A few hours later it was in both the web UI and the mobile app - I got a popu[ telling me that GPT-4o was available. However nothing seems to be any different. I'm not given any option to use video as an input, the app can't seem to pick up any new info from my voice.

I'm left a bit confused as to what I can do that I couldn't do before. I certainly can't seem to recreate much of the stuff from the announcement demos.

sumedh|1 year ago

The website clearly says that the text version is available now but the multimodal version will be released over the coming weeks.

dpflan|1 year ago

Who's idea was the singing AIs? What specifically did you want to highlight with that part of the demo?

I imagine that there is a lot of usage at the HQ, human + AI karaoke?

skottenborg|1 year ago

"(I work at OpenAI.)"

Ah yes, also known as being co-founder :)

leozq|1 year ago

yes, also known as a programmer loves coding a lot:)

rrr_oh_man|1 year ago

https://community.openai.com/t/when-i-log-in-to-chatgpt-i-am...

Sorry to hijack, but how the hell can I solve this? I have the EXACT SAME error on two iOS devices (native app only — web is fine), but not on Android, Mac, or Windows.

dmarinoc|1 year ago

Are you blocking some of your traffic? I had the same issue until I (temporary) disabled NextDNS just for signing in.

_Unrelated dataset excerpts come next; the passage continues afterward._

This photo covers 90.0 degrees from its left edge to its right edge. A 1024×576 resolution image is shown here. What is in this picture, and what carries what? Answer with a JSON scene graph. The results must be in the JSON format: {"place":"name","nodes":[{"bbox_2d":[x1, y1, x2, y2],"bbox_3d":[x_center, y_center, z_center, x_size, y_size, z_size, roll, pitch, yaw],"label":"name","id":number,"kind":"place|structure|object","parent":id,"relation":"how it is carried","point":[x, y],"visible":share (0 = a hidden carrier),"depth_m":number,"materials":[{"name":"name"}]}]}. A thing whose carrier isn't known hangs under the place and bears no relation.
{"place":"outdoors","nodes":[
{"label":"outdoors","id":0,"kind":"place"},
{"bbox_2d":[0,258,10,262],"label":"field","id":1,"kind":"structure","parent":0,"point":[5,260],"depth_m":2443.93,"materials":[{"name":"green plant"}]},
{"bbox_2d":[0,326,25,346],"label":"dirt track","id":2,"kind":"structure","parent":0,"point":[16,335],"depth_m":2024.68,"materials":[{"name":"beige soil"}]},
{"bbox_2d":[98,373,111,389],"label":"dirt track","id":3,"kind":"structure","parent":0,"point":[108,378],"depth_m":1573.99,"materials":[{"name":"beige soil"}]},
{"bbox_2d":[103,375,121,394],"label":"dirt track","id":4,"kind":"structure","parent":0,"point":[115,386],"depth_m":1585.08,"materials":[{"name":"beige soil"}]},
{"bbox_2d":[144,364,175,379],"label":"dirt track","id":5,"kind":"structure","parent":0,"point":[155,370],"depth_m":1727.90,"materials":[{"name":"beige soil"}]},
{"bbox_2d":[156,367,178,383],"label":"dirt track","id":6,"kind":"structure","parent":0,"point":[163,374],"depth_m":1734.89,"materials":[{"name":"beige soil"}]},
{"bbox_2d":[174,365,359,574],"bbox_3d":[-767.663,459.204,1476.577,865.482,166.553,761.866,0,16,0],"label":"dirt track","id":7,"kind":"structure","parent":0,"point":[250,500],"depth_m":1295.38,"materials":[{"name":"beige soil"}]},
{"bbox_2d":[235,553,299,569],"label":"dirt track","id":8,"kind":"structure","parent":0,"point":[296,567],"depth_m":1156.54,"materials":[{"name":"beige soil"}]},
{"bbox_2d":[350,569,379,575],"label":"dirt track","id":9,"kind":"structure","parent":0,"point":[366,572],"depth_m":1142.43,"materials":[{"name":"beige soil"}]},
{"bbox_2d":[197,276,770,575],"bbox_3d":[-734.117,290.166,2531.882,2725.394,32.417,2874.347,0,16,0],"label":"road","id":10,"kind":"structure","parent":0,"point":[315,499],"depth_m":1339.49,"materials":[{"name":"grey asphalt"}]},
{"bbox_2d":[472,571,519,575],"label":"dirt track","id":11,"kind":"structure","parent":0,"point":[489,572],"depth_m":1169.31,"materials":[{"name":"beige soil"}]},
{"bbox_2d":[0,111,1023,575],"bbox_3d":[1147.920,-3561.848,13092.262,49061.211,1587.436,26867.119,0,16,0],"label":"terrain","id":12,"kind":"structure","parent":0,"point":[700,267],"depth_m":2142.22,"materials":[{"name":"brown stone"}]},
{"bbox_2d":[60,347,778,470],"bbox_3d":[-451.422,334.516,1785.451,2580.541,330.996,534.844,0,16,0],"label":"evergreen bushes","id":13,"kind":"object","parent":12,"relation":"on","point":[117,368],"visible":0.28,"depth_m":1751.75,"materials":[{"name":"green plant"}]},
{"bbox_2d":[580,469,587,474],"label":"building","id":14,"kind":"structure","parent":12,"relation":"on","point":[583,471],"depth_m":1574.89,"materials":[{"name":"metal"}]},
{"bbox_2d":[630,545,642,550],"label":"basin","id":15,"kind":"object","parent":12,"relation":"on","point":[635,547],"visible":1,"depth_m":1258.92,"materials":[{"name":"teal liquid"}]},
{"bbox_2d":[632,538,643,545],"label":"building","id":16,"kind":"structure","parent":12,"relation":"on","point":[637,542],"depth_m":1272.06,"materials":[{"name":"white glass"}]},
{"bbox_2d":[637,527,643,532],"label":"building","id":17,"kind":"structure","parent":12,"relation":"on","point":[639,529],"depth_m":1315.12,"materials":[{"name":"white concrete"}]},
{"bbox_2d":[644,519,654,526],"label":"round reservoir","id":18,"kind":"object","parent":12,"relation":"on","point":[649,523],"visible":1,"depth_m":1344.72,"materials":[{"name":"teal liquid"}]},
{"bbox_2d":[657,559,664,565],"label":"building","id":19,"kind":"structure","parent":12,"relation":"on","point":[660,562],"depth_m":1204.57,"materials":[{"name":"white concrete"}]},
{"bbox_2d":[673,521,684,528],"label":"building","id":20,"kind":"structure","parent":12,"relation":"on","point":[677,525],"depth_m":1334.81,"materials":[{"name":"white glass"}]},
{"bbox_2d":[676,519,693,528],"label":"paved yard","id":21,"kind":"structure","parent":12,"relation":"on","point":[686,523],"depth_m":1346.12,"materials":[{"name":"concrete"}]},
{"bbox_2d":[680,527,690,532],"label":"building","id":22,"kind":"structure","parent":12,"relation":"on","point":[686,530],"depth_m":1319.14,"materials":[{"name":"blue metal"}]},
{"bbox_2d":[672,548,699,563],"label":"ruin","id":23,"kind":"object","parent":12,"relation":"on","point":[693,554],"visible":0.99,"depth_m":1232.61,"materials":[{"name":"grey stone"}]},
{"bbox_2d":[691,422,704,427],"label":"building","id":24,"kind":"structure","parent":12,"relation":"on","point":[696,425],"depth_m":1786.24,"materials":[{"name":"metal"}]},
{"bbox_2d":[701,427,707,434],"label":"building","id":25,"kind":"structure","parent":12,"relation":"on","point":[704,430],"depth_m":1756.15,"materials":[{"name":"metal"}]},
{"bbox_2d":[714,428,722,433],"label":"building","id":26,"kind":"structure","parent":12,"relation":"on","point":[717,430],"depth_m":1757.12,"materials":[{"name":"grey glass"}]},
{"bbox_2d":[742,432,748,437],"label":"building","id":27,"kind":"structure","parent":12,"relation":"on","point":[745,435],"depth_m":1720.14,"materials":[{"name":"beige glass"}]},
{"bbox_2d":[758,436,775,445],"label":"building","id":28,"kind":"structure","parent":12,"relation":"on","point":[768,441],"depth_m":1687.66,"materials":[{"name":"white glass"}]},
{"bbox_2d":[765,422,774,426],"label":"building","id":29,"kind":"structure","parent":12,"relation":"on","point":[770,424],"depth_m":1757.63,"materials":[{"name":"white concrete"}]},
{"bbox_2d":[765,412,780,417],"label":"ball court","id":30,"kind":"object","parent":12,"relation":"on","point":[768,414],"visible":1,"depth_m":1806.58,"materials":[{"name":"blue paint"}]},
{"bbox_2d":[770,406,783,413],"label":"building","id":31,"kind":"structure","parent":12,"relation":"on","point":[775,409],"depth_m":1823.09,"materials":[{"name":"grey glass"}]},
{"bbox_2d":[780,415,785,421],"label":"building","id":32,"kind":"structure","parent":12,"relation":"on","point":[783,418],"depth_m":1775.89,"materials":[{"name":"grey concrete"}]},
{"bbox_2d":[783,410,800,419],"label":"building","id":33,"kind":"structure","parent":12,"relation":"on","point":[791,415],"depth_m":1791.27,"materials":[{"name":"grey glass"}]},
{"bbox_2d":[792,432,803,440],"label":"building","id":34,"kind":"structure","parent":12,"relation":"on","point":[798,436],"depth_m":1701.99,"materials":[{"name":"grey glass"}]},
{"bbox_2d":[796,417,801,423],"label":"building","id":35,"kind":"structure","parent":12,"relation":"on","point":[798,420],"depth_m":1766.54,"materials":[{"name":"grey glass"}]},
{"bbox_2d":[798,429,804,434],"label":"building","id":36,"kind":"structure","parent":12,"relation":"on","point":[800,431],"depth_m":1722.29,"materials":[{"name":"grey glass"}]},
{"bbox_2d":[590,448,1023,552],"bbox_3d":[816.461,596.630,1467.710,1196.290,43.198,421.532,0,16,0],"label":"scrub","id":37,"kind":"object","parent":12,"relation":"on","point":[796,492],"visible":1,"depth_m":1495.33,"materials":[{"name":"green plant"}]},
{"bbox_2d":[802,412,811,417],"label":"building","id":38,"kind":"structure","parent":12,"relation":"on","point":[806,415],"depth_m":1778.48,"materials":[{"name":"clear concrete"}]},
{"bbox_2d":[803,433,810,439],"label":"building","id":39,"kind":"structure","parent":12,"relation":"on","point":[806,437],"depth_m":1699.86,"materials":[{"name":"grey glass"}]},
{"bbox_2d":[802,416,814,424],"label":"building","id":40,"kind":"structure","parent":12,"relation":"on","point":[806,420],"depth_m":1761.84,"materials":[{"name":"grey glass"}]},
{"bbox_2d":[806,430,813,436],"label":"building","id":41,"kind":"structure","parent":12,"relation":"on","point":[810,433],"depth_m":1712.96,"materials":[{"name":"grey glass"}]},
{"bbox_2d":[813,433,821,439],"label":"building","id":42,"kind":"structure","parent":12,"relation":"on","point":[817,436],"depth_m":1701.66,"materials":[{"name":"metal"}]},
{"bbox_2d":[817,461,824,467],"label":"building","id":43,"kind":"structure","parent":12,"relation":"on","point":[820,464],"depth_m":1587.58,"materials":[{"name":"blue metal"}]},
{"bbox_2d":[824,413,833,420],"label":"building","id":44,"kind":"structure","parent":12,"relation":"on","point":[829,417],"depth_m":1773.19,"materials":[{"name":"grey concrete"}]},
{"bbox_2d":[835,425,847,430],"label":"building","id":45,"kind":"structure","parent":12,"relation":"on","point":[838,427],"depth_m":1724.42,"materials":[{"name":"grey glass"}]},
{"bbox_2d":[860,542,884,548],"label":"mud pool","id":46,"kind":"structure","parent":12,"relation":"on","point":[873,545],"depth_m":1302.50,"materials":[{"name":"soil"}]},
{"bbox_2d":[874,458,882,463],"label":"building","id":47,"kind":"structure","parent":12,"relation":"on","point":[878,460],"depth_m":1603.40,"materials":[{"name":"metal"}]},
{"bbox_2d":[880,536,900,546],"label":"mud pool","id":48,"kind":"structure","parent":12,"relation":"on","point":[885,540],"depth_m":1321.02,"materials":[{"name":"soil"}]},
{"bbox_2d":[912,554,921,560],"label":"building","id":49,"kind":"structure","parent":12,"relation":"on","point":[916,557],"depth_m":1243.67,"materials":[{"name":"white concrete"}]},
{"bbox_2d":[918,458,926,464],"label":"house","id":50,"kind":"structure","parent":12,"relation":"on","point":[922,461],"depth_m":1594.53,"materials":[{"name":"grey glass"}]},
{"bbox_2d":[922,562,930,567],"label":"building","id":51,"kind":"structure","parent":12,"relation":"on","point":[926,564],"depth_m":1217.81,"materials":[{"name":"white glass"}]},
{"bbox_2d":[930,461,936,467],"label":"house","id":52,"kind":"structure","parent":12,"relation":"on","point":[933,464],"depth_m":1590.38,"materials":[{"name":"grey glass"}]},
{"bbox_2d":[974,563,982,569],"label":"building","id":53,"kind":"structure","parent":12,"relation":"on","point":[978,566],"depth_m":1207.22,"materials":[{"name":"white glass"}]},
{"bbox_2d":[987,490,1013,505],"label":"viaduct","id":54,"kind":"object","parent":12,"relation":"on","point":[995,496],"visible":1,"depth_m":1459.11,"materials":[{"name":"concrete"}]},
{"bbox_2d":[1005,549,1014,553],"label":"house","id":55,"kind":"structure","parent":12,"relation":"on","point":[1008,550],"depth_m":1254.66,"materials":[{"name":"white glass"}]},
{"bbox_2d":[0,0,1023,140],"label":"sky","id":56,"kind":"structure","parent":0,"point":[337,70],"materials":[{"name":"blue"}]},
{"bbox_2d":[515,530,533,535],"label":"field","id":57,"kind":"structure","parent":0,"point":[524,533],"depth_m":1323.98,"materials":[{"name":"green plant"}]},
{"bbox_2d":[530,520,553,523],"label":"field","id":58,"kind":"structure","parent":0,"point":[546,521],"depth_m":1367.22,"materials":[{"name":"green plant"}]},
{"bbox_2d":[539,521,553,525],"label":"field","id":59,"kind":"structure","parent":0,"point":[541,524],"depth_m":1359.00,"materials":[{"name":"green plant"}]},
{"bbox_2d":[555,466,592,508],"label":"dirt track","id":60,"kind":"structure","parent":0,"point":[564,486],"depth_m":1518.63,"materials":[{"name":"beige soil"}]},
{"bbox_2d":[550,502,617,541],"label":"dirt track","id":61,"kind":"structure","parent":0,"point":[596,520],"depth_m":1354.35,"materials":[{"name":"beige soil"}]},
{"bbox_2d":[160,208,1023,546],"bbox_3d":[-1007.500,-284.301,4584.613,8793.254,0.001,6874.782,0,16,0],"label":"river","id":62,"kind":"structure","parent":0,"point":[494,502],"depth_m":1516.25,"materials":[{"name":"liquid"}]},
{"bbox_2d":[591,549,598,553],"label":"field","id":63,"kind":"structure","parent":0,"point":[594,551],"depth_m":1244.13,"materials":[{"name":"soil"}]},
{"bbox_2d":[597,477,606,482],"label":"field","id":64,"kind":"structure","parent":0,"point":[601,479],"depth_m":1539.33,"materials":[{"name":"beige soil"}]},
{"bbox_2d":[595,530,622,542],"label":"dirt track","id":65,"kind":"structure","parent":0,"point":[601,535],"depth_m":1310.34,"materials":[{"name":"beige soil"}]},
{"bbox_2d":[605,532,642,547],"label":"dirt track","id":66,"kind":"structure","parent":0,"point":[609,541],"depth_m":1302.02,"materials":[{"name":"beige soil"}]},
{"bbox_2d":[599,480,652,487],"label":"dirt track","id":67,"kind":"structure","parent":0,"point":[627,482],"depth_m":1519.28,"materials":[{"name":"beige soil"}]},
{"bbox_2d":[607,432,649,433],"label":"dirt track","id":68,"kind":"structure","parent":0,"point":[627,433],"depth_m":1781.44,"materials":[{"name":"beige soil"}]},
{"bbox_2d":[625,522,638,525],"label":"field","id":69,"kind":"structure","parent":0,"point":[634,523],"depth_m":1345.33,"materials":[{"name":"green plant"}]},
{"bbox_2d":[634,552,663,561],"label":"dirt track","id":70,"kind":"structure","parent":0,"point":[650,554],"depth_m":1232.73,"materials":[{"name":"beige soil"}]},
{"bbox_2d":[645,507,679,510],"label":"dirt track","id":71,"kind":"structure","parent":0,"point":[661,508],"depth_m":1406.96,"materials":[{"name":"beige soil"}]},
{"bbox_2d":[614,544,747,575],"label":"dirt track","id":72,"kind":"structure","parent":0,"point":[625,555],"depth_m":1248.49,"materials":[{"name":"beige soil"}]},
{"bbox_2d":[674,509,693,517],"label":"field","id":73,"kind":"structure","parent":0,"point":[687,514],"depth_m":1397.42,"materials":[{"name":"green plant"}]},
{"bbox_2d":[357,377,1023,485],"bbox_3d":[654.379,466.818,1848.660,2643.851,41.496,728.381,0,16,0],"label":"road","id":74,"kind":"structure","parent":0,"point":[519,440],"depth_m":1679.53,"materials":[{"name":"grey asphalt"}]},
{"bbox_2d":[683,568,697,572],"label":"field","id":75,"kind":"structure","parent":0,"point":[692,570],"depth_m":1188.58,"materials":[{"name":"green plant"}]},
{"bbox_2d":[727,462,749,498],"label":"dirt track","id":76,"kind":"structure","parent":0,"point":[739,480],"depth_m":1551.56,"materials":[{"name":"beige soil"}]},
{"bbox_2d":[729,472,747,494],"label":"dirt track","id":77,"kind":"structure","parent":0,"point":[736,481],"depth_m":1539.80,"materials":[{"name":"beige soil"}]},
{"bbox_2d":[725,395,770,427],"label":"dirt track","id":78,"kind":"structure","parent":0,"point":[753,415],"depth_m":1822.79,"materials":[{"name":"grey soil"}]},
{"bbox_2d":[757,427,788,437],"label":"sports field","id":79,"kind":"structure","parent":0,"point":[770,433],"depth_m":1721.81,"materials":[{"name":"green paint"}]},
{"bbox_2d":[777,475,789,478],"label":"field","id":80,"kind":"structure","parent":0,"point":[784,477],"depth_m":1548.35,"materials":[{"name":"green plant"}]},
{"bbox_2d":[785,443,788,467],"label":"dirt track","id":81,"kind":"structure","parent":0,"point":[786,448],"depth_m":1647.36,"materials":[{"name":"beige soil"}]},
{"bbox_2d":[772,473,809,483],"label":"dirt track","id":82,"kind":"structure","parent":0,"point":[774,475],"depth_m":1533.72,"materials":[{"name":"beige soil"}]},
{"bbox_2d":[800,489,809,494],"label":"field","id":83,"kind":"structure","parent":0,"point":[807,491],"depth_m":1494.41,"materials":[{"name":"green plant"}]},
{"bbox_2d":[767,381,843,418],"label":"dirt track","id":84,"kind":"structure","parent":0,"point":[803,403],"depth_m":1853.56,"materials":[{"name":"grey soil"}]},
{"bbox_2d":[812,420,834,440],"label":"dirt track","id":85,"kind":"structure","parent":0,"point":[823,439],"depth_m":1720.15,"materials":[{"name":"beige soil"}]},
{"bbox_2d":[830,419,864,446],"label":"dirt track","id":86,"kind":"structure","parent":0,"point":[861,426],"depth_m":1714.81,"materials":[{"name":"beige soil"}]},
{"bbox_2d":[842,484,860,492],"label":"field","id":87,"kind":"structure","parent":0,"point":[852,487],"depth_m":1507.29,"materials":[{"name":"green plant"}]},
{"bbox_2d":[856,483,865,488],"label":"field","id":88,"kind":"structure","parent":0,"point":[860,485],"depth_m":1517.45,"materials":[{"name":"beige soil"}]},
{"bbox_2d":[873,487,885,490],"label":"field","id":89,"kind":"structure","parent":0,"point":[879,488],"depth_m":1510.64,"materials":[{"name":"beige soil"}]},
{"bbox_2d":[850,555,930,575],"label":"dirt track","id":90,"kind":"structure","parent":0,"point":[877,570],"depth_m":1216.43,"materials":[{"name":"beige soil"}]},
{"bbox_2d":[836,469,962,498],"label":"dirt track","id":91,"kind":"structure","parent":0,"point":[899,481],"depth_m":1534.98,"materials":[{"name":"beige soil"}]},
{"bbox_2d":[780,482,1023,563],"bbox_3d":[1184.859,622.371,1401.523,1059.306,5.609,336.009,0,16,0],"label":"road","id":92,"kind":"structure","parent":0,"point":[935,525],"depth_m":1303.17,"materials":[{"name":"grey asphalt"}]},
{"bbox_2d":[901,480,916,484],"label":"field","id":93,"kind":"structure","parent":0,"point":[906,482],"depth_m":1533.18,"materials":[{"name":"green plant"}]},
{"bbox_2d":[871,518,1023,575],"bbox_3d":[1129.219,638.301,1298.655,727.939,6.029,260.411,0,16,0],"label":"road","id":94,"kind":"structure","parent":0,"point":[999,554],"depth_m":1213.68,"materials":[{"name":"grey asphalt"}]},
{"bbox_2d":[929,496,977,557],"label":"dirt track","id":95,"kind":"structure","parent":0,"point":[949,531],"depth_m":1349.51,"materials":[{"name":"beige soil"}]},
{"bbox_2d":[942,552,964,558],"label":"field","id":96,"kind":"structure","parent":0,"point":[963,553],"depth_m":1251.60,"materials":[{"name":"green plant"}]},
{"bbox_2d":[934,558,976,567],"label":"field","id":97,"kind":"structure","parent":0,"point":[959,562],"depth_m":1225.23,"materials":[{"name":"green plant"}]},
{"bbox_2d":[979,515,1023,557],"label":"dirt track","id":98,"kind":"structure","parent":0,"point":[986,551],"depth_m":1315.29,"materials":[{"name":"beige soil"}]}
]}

Sadly, the error returned is not related to the cause.

hpeter|1 year ago

I can't wait to try it out, it sounds too good to be real.

It will be fully available in Eu with the GDPR compliance?

xanderlewis|1 year ago

I like the humility in your first statement.

theboat|1 year ago

I love how this comment proves the need for audio2audio. I initially read it as sarcastic, but now I can't tell if it's actually sincere.

Induane|1 year ago

I like their username.

moab|1 year ago

Pretty sure the snark is unnecessary.